Fatima Fertilizer Company Ltd (FATIMA) has posted 4QCY21 NPAT of PKR4.4bn (EPS: PKR2.09), up 18% yoy (down 8% mom), taking CY21 net profit to PKR18.5bn (EPS: PKR8.80), up 39% yoy. The result has missed our expected NPAT of PKR5.4bn (EPS: PKR2.58). FATIMA has also announced a final DPS of PKR3.5, higher than our expected DPS of PKR3.0. Alongside the result, FATIMA announced investment in Fatima Cement Ltd by way of acquisition of 30mn ordinary shares at PKR10/sh, which would make it a wholly-owned subsidiary of FATIMA.
Key result highlights for 4QCY21:
Net revenues have increased by 44% yoy and 21% qoq to PKR35.7bn (broadly in line with estimates). The yoy increase in sales is mainly attributed to significantly higher CAN/NP offtake, which increased by 28%/23% yoy, coupled with DAP and NP price hikes also.
Gross margins have decreased by c.3ppt yoy and 16ppt qoq to 27% in 4Q lower than our expected margins of 34%. The decline in margins is due to the delay in receipt of government subsidy for Fatima Fert (which is presently operational on RLNG).
Distribution expenses have decreased to PKR0.8bn down 27% yoy, from PKR1.1bn in 4QCY20. This is despite the increase in overall sales volumes and we await detailed annual accounts for further clarity.
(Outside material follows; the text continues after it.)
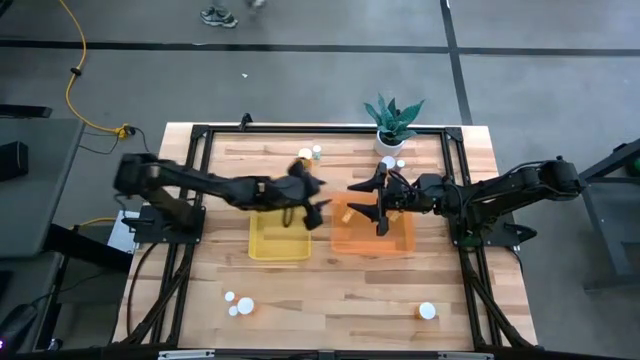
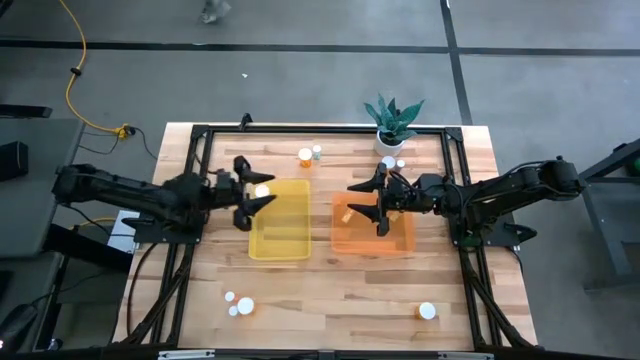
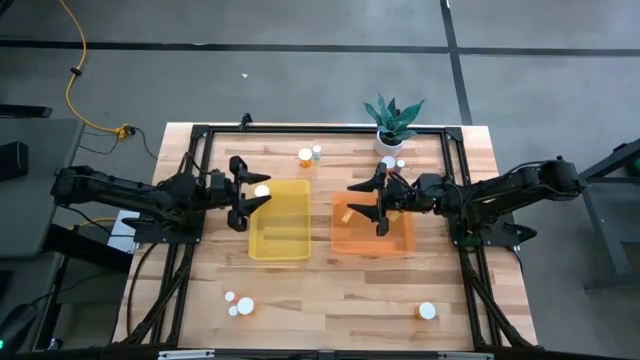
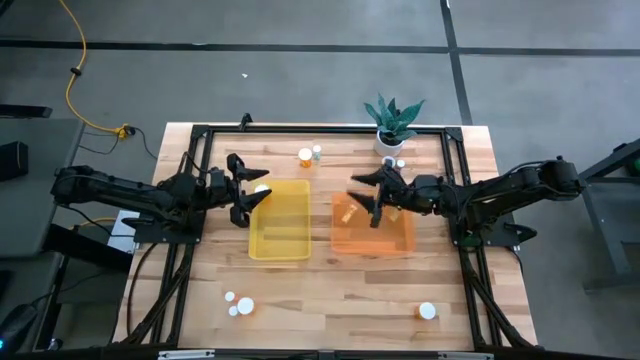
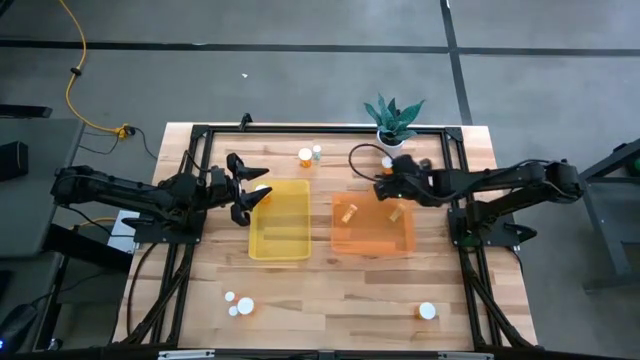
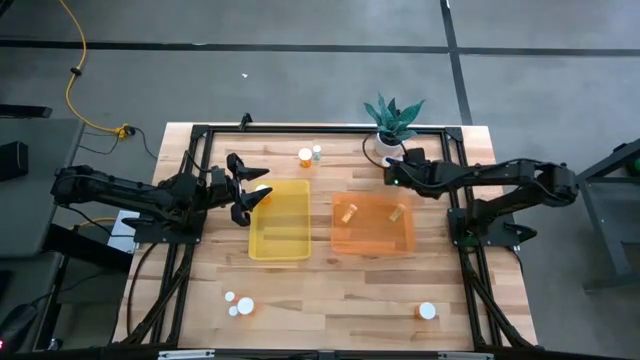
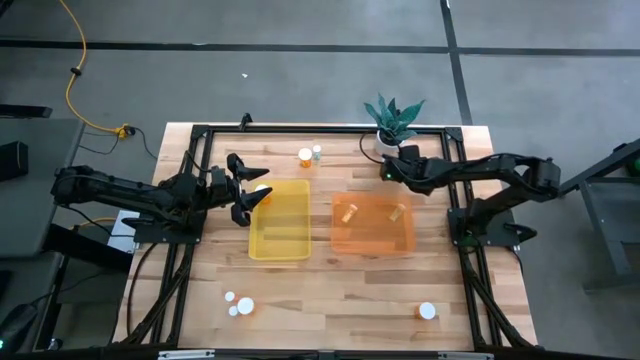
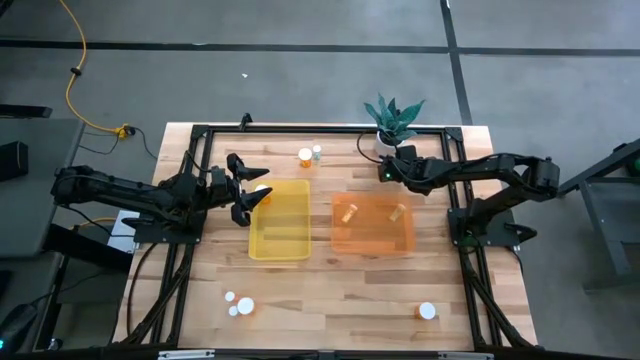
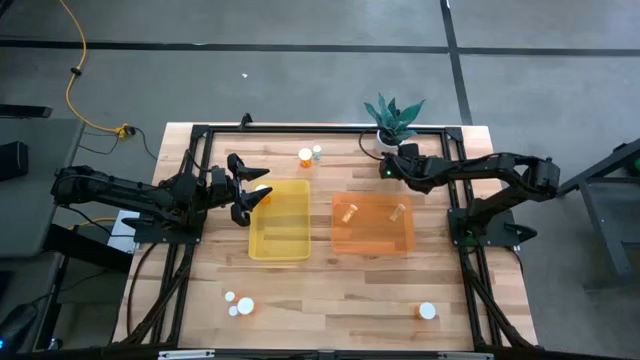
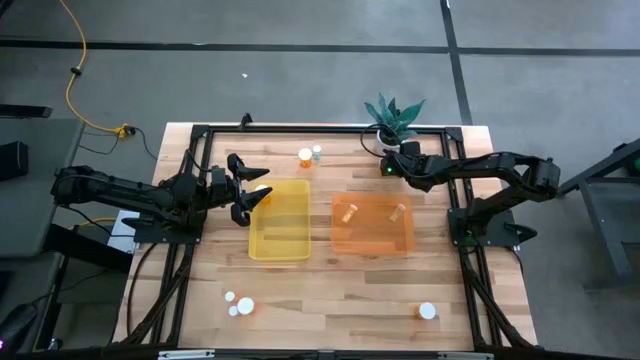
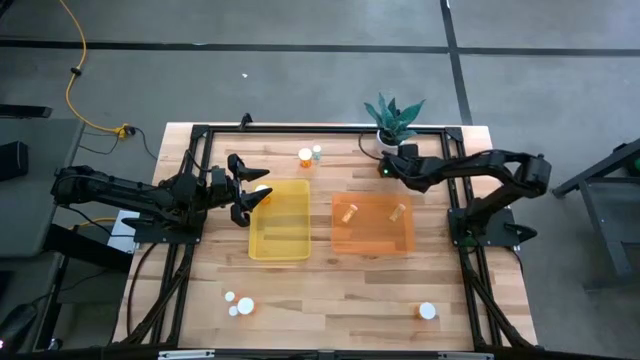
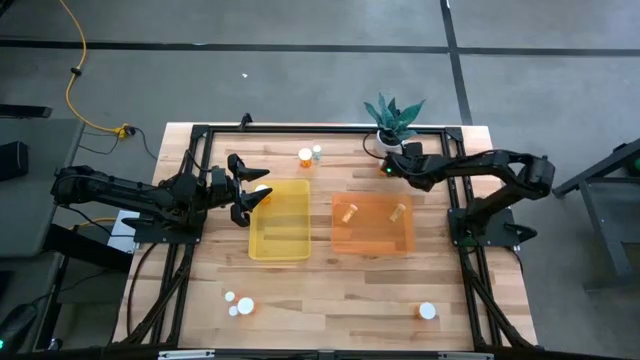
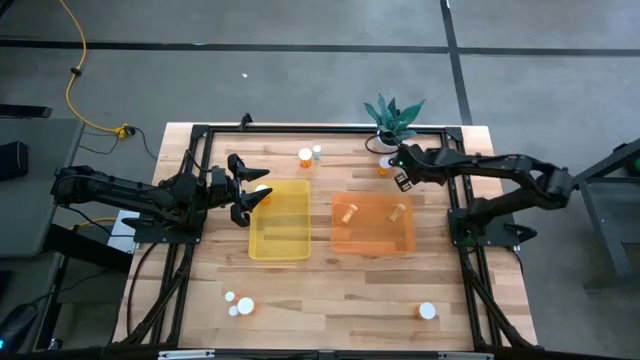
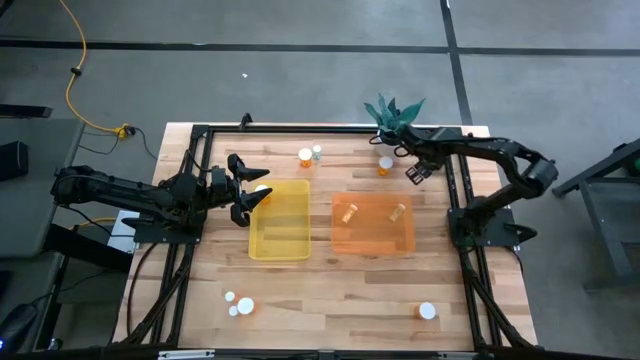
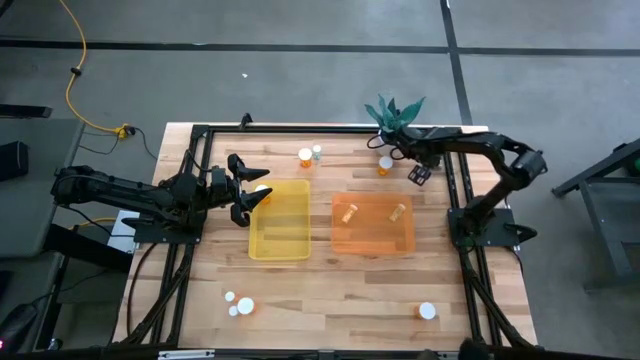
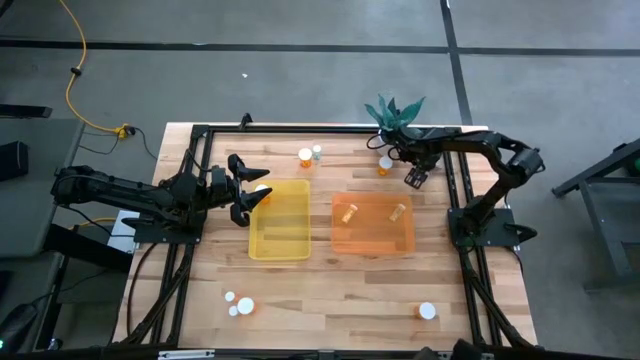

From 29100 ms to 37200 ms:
Put the small blue capsule bottle into the orange bin

Admin expenses are up 16% yoy to PKR1.1bn in 4QCY21.
Other income is down 38% yoy to PKR486mn (core), which may be due to lower short term investments, in our view. FATIMA has also booked a re-measurement loss on GIDC payable of PKR477mn in CY21; this is being reflected in other income in the table to see.
Among other line items: effective tax rate of 23% is lower than 27% in 4QCY20.
We have a Neutral stance on FATIMA (TP PKR40/sh), but we highlight that higher international phosphate based fertilizer prices and possible increase in Nitrogen based fertilizer prices can unlock upside in the stock.